Thanks for compiling the Giants’ record during Van Pelt’s time with them. A dismal mark indeed. Van Pelt played 19 games against the St. Louis football Cardinals, and the linebacker developed quite a respectful rivalry with Cardinals offensive tackle Dan Dierdorf.
Regarding Dierdorf, Van Pelt told Newsday, “I’m sure I’ve never faced a better tackle when he was in his prime. I’ve never seen so much muscle on one body. When the tight end blocked down and Dan looped out at you, you had 290 pounds coming at you. I couldn’t see around him. I had to try to knock him off balance as he was turning sideways.”
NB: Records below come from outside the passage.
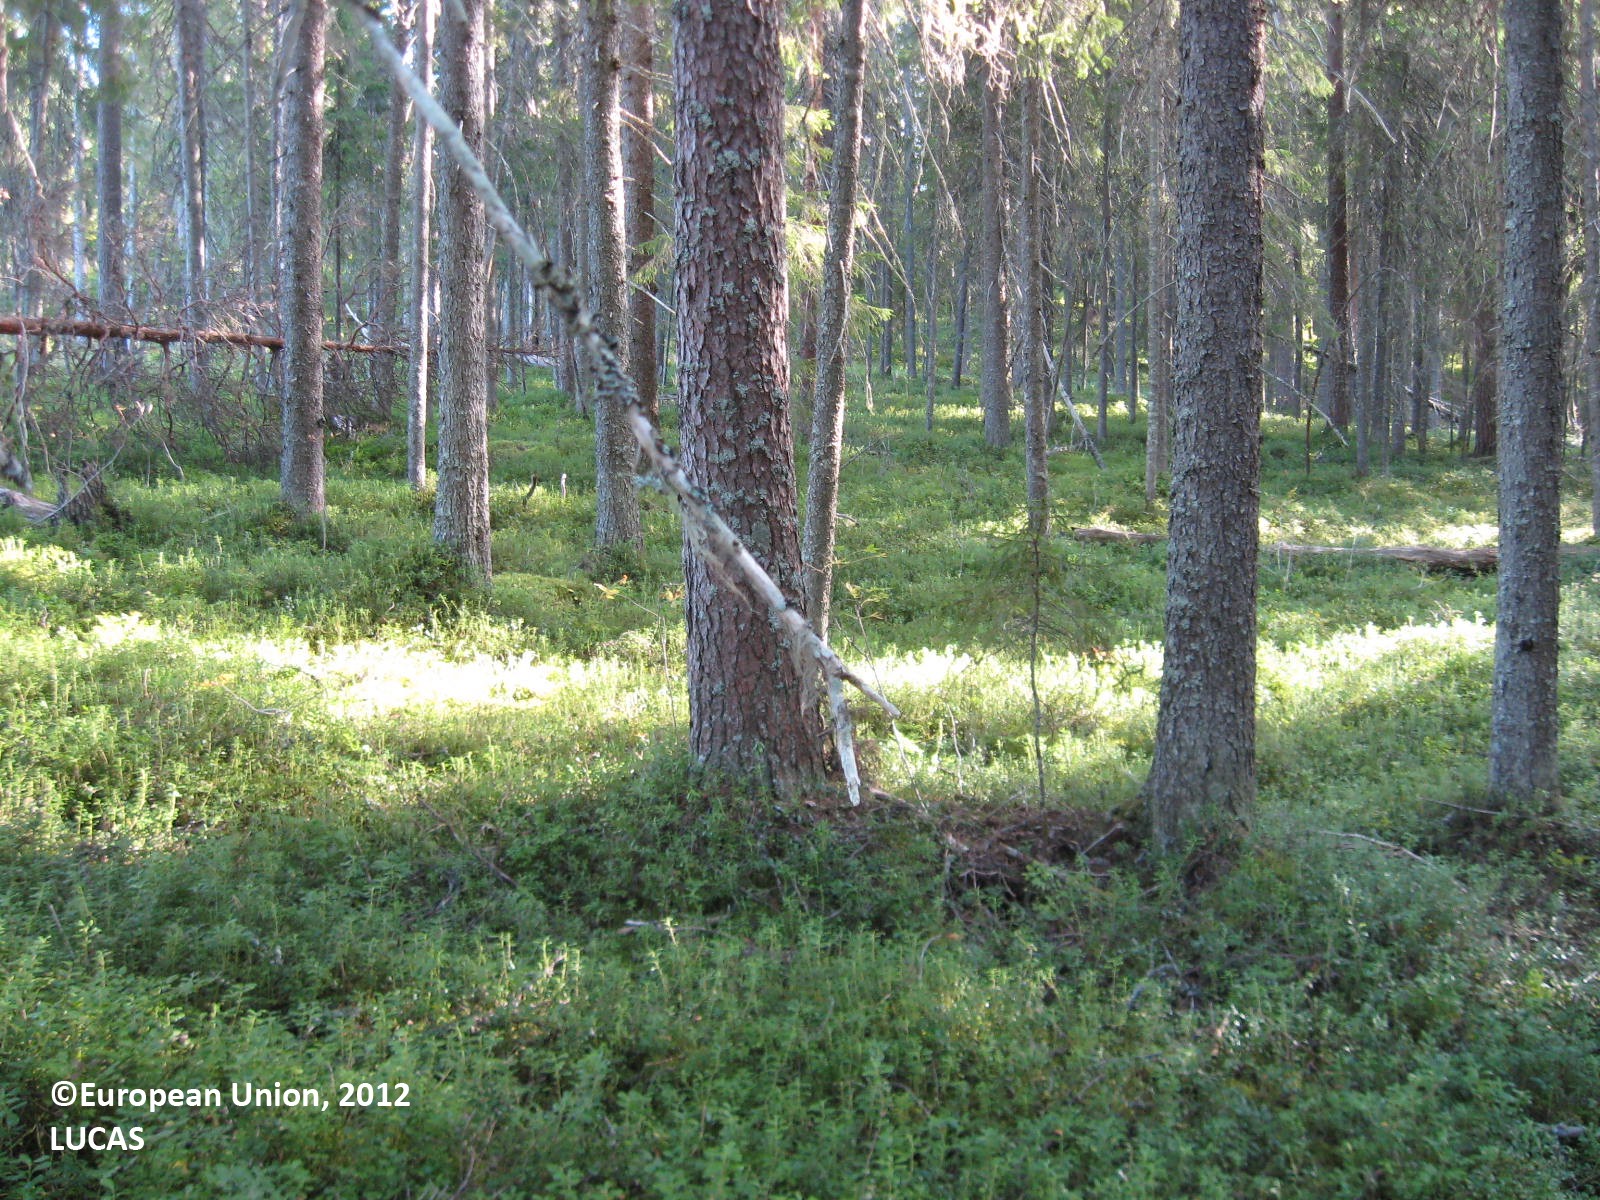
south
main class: Woodland
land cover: Spruce dominated coniferous woodland
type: boreal forest
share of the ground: > 75 %
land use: Forestry
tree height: > 5 m
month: August
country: FI
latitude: 63.8606
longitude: 30.0825
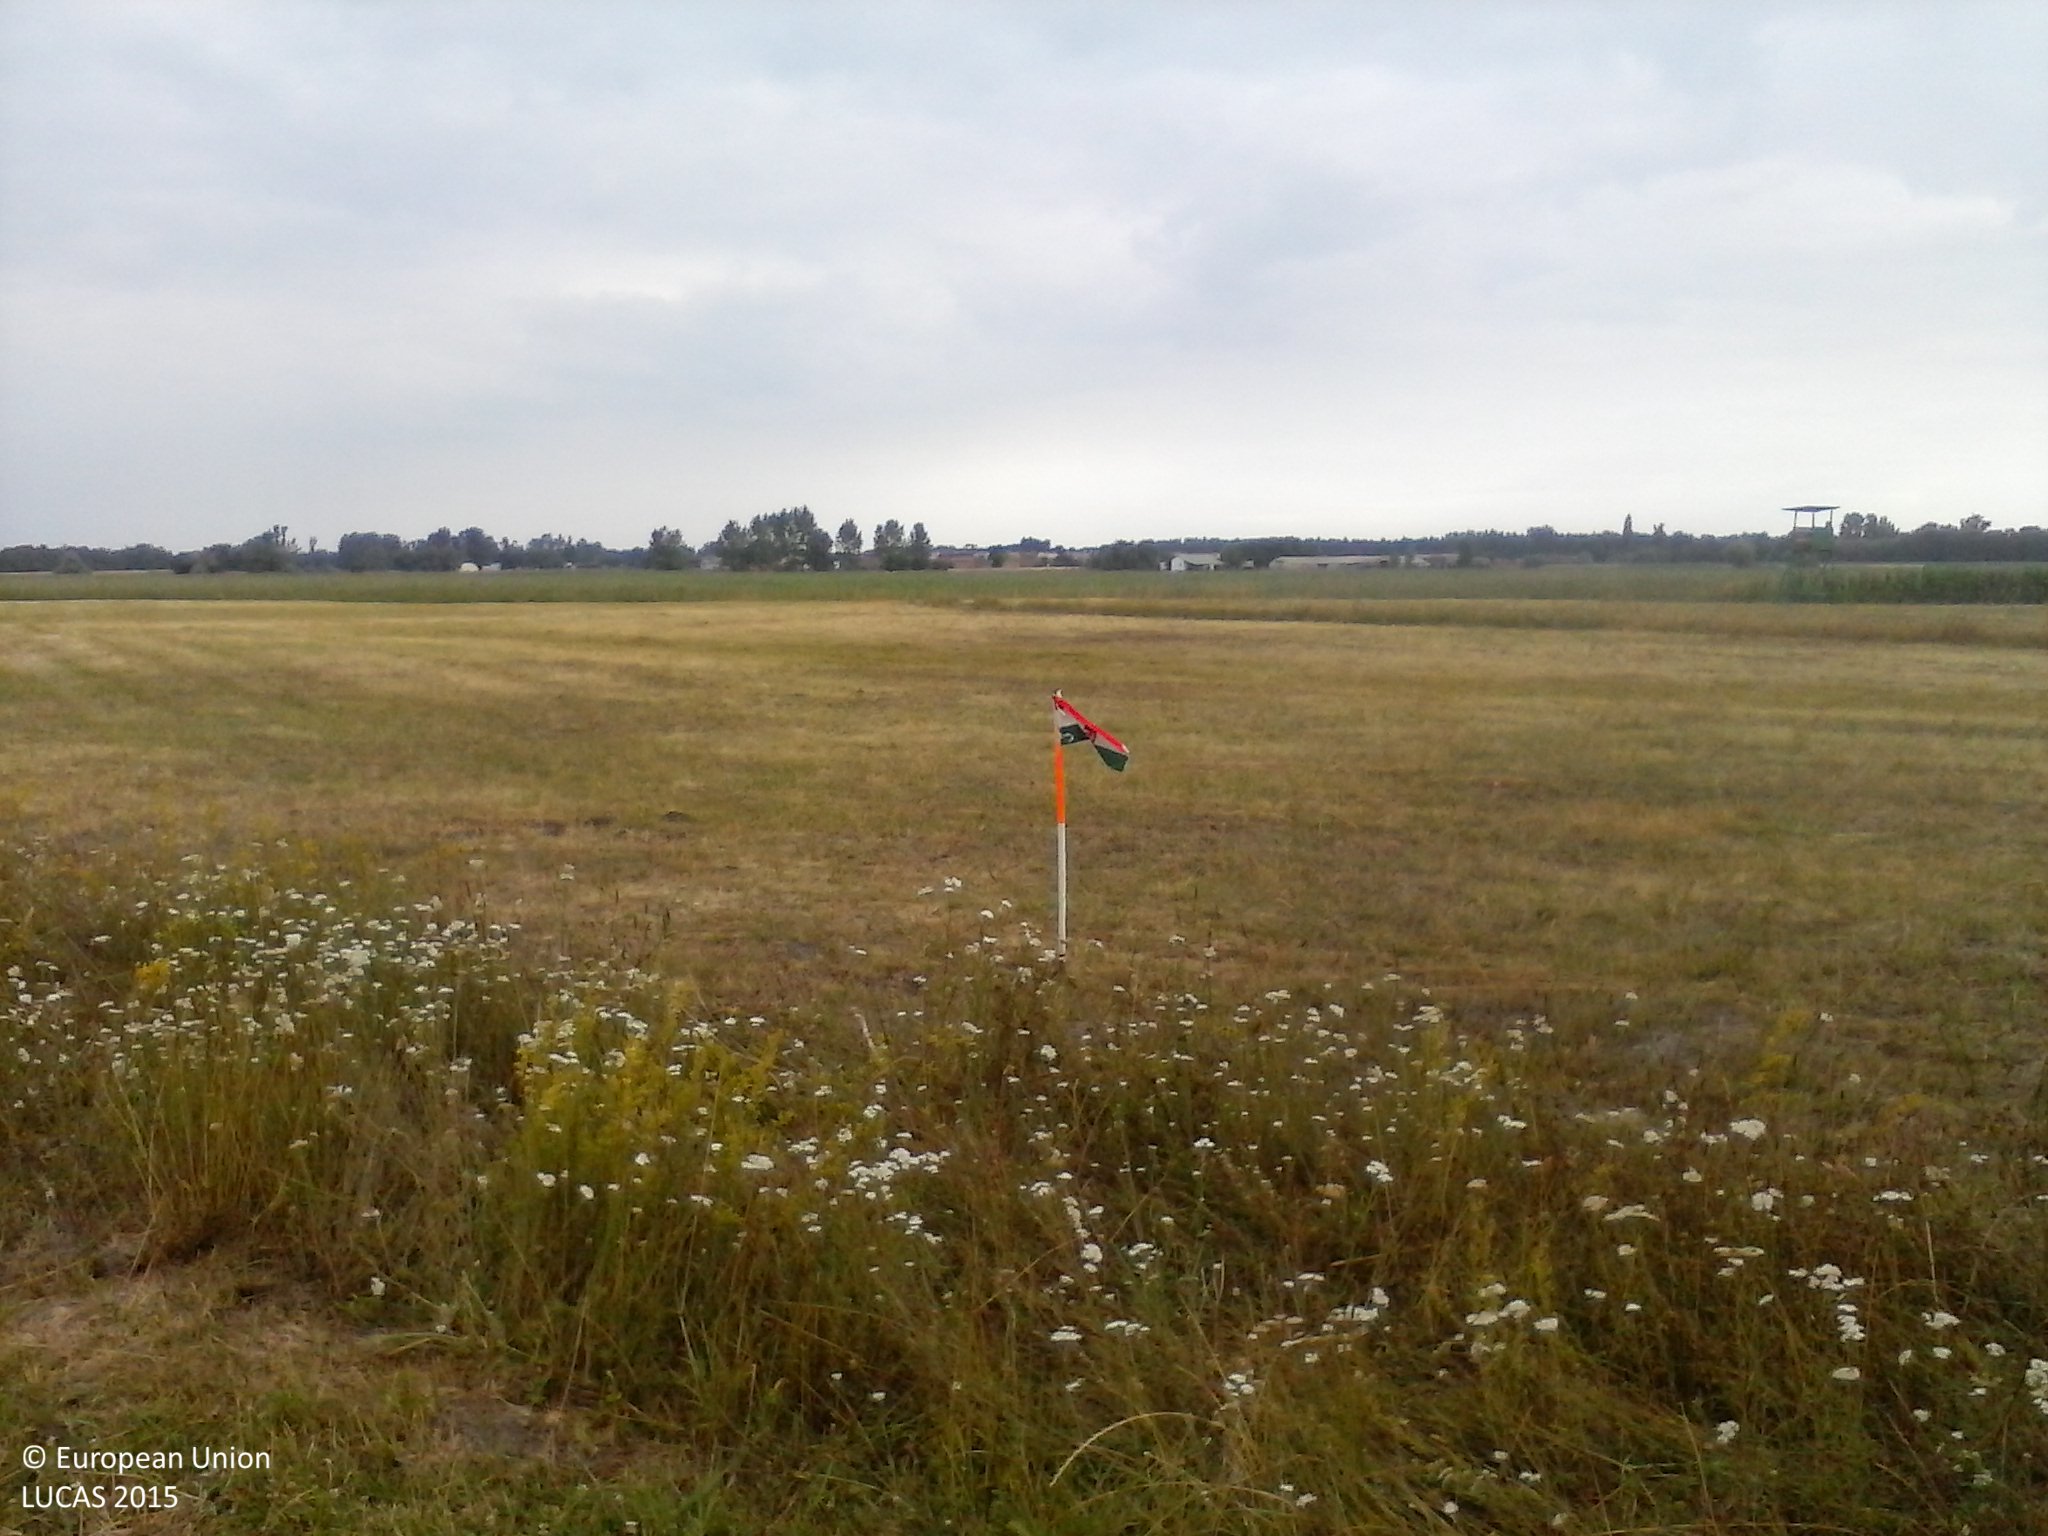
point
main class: Grassland
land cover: Grassland without tree/shrub cover
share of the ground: > 75 %
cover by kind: herbaceous plants 100 %
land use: Agriculture (excluding fallow land and kitchen gardens)
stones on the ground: < 10 %
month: July
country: HU
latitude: 46.4836
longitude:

Dierdorf said to Newsday, “Brad’s one of those guys that’s fun to play against. He’s aggressive but smart.”
You can kind of fall between the cracks if you play for a bad team, and that’s what happened here. I’d never even heard of the guy (strange, considering he played in the 80’s) even though he was sort of the Bo Jackson of his generation.
I’m not sure what was going on in the Cardinals front office…but what a clown show. I hope someone was fired.
I like your comparison of Brad Van Pelt to Bo Jackson. The Lansing State Journal noted that Van Pelt hit “300-yard golf drives with such ferocity that people would actually gasp.” During the 1970-71 college basketball season, Michigan State coach Gus Ganakas assigned Van Pelt to guard 6-foot-8 Indiana forward George McGinnis, who averaged 30 points and 15 rebounds per game that season. “Brad was an aggressive defensive player, and he more than held his own against McGinnis,” Ganakas told the Lansing newspaper.
The chief clown of the Cardinals’ clown show then was club president and team owner Gussie Busch. Like the clown we have today in the White House, the self-proclaimed Baron surrounded himself with sycophants, declared himself dictator and bullied people to try to get his way. If a player dared to stand up for himself, Busch ordered him gone. He wasn’t going to fire himself and there was not enough resistance to force a change.